Mycocepurus castrator

Scientific classification
- Domain: Eukaryota
- Kingdom: Animalia
- Phylum: Arthropoda
- Class: Insecta
- Order: Hymenoptera
- Family: Formicidae
- Subfamily: Myrmicinae
- Tribe: Attini
- Genus: Mycocepurus
- Species: M. castrator
- Binomial name: Mycocepurus castrator Rabeling & Bacci, 2010

= Mycocepurus castrator =

- Authority: Rabeling & Bacci, 2010

Species of ant

Mycocepurus castrator is a species of parasitic ant, in the genus Mycocepurus, native to Brazil. Described in 2010, the species is a workerless and obligate parasite of the related ant Mycocepurus goeldii. It is known only from Rio Claro, Brazil, and has only been found in nests of M. goeldii.

M. castrator and its host are closely related and diverged recently, around 37,000 years ago. They evolved in the same geographic region, making the parasite–host pair an example of sympatric speciation. The species is the first inquiline known among the lower attines.

==Etymology==
Because M. goeldii nests that host M. castrator appear to only produce sterile workers, the species has been named "castrator" in reference to that.

==Description==
M. castrator is a relatively minuscule species, with the average wing length being about 1.07–1.23 millimeters. The head is rectangular in shape, measuring about 0.6 millimeters across the face. The antennae consist of 11 segments. The species has stout, sharp, propodeal spines. The body, which ranges between light and dark reddish-brown, is thinly covered in setae. The body surface is shiny and patterned with tiny hexagonal structures.

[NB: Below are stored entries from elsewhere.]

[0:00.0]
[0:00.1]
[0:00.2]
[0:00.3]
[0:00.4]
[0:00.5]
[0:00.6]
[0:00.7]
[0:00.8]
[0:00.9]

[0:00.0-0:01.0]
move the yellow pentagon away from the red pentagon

Unlike most species of Mycocepurus, males and females are physically similar. Distinguishing characteristics include the mandibles; the mandible terminates in a tooth in females, but does not do so in males. The first gastric tergite is only slightly concave in males, but markedly so in females. Finally, males' wings are medium to dark brown.

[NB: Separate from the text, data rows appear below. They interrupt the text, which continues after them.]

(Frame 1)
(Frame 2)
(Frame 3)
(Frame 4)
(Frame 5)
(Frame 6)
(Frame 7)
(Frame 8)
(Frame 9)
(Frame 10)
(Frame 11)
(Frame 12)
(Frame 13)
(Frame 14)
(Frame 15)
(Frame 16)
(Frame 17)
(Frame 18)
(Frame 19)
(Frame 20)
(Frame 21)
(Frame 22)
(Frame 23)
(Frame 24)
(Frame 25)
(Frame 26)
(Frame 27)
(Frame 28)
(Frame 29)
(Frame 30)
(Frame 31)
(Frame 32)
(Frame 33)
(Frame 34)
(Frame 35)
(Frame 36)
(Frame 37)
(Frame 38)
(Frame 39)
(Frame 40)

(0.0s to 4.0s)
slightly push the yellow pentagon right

The species is not believed to have a worker caste.

==Habitat and distribution==
M. castrator has only been observed in nests on the grounds of the São Paulo State University in Rio Claro, São Paulo, Brazil. It has only been found in nests of M. goeldii, which is a widely distributed species, known from Brazil to northern Argentina. Like many other inquilines, M. castrator has small and isolated populations.

==Natural history==
Described in 2010, M. castrator is a social obligate parasite and the first inquiline known among the lower attines. The sex ratio for the species is skewed strongly toward females, with a ratio of about 11 to 1. The species is host-tolerant, with dealate queens of the species being found in the same nest chambers as queens of M. goeldii. However, it also inhibits its host's reproduction, preventing the production of fertile offspring.

==Behavior==
===Interaction with host species===
M. goeldii workers will feed M. castrator queens in a process called trophallaxis. The two species will also engage in grooming each other, with dealate M. castrator queens frequently climbing on top of M. goeldii workers and queens.

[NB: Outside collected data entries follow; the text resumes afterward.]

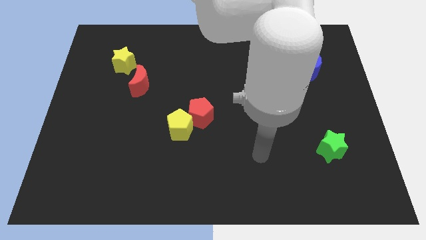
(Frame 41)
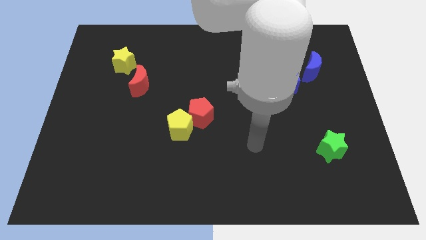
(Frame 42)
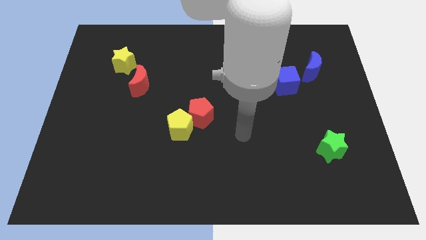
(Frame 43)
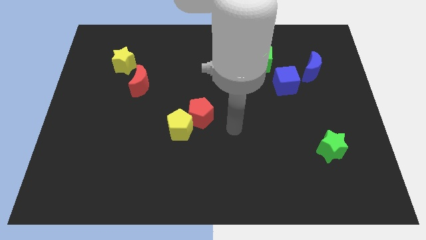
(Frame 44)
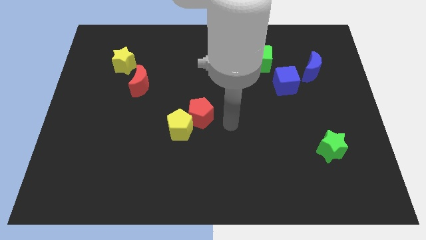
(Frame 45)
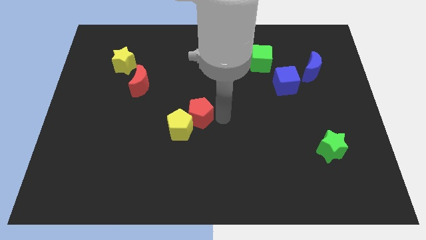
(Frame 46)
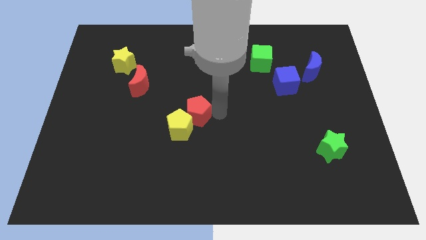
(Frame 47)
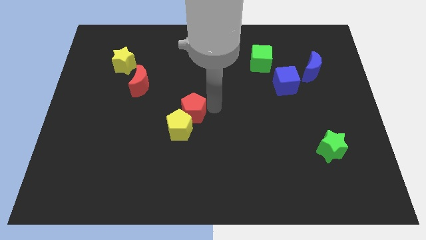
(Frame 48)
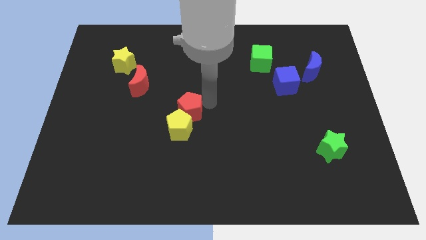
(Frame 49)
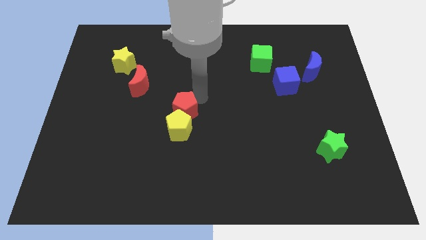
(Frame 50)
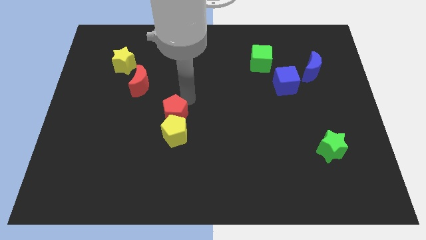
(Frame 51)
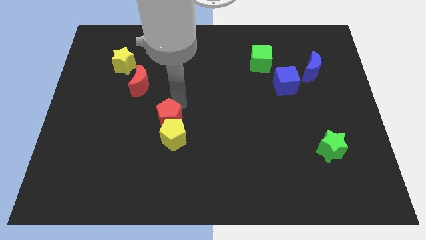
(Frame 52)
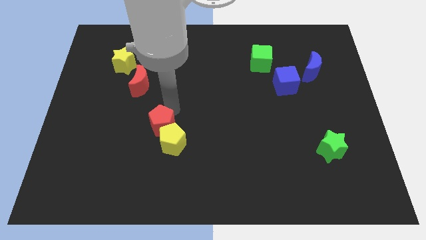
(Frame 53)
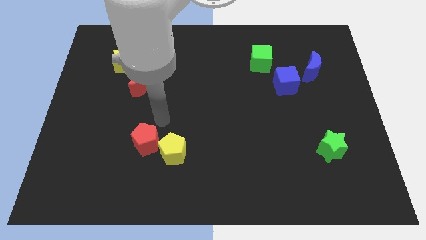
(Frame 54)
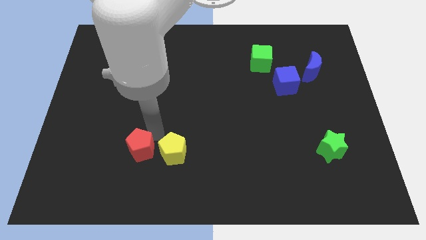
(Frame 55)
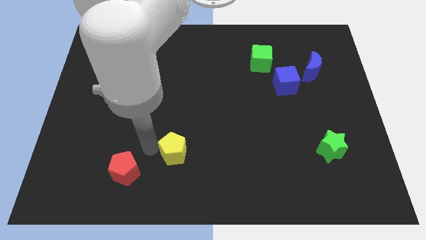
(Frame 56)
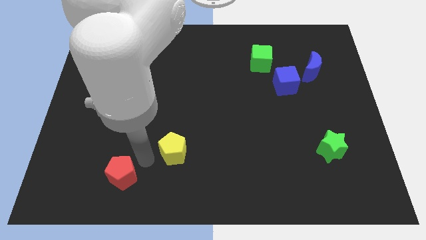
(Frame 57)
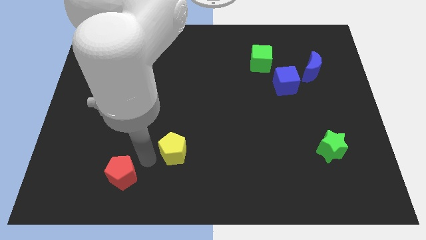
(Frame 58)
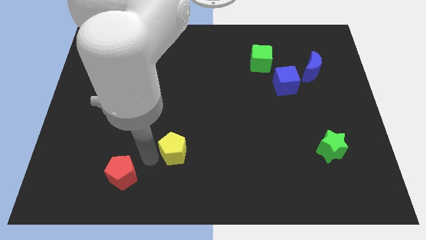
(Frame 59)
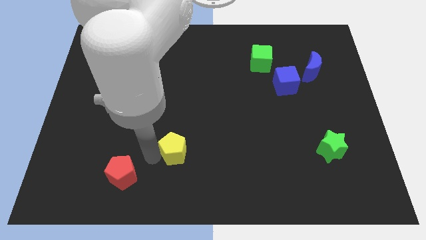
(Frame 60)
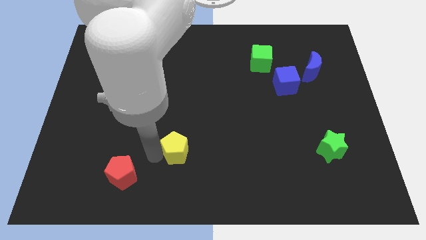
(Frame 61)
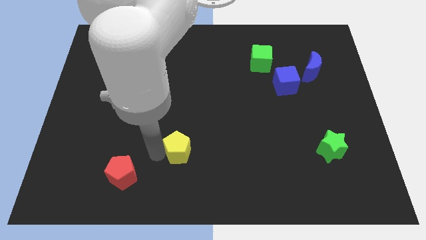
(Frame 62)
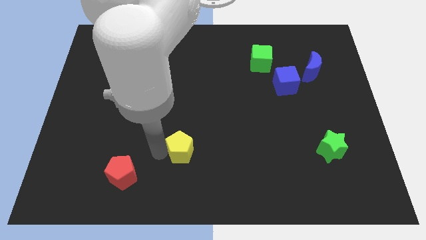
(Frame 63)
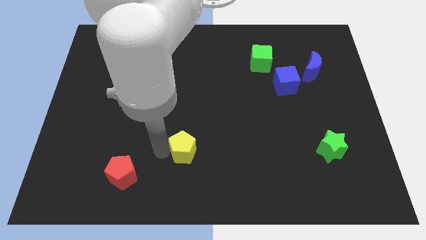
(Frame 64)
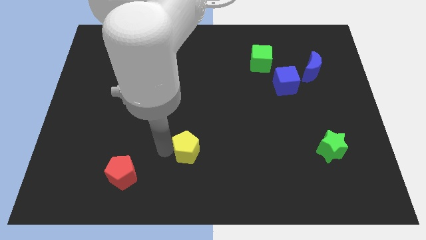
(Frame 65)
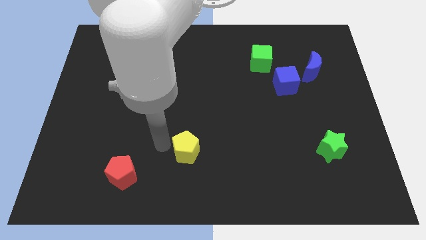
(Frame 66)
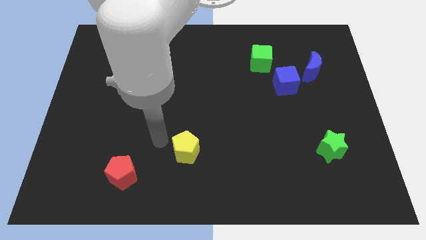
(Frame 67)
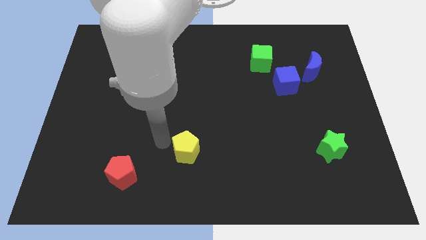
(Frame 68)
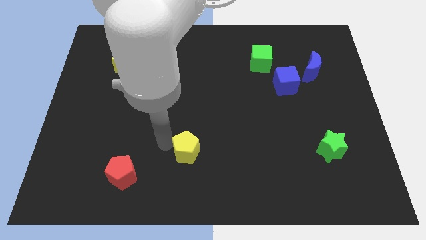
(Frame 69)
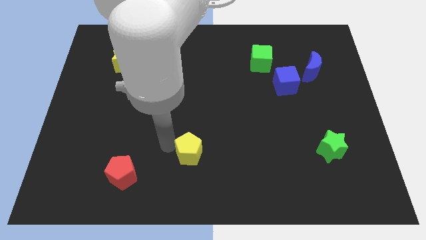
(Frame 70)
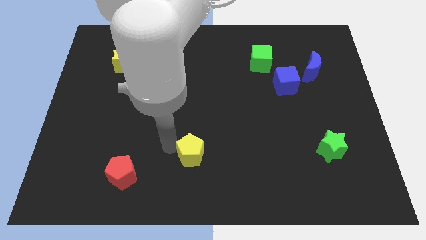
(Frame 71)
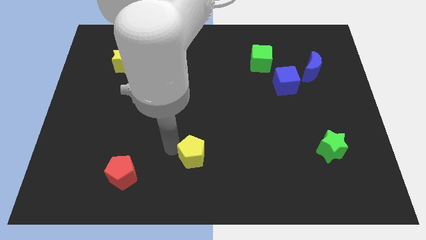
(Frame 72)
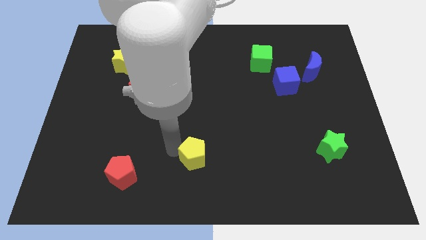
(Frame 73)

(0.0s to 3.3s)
slide the yellow pentagon downwards and then right a little bit

Host workers have also been observed to attack and kill parasite queens.

==Reproduction==
M. castrator is polygynous (nests consisting of multiple queens). The species mates inside the nest, as opposed to engaging in a nuptial flight like most ants. During mating, males and females copulate seemingly at random, with copulation lasting 18 to 27 seconds on average. Female alates begin to lose their wings three hours after mating, after which they congregate and engage in social grooming. Males begin to die twelve hours after mating.

==Relationship to Mycocepurus goeldii==
M. castrator is directly descended from M. goeldii, its host. Such relationships are not uncommon among social parasites, as recognized by Emery's rule. Less common are cases like M. castrators, where two species diverge without the benefit of geographic isolation, known as sympatric speciation. Rabeling et al. (2014) analyzed divergence of mitochondrial versus nuclear DNA, finding that the nuclear alleles bore more similarities than the mitochondrial alleles. This led them to rule out the possibility of recent interbreeding, and conclude that sympatric speciation had occurred. The two species are believed to have diverged around 37,000 years ago, during the late Pleistocene.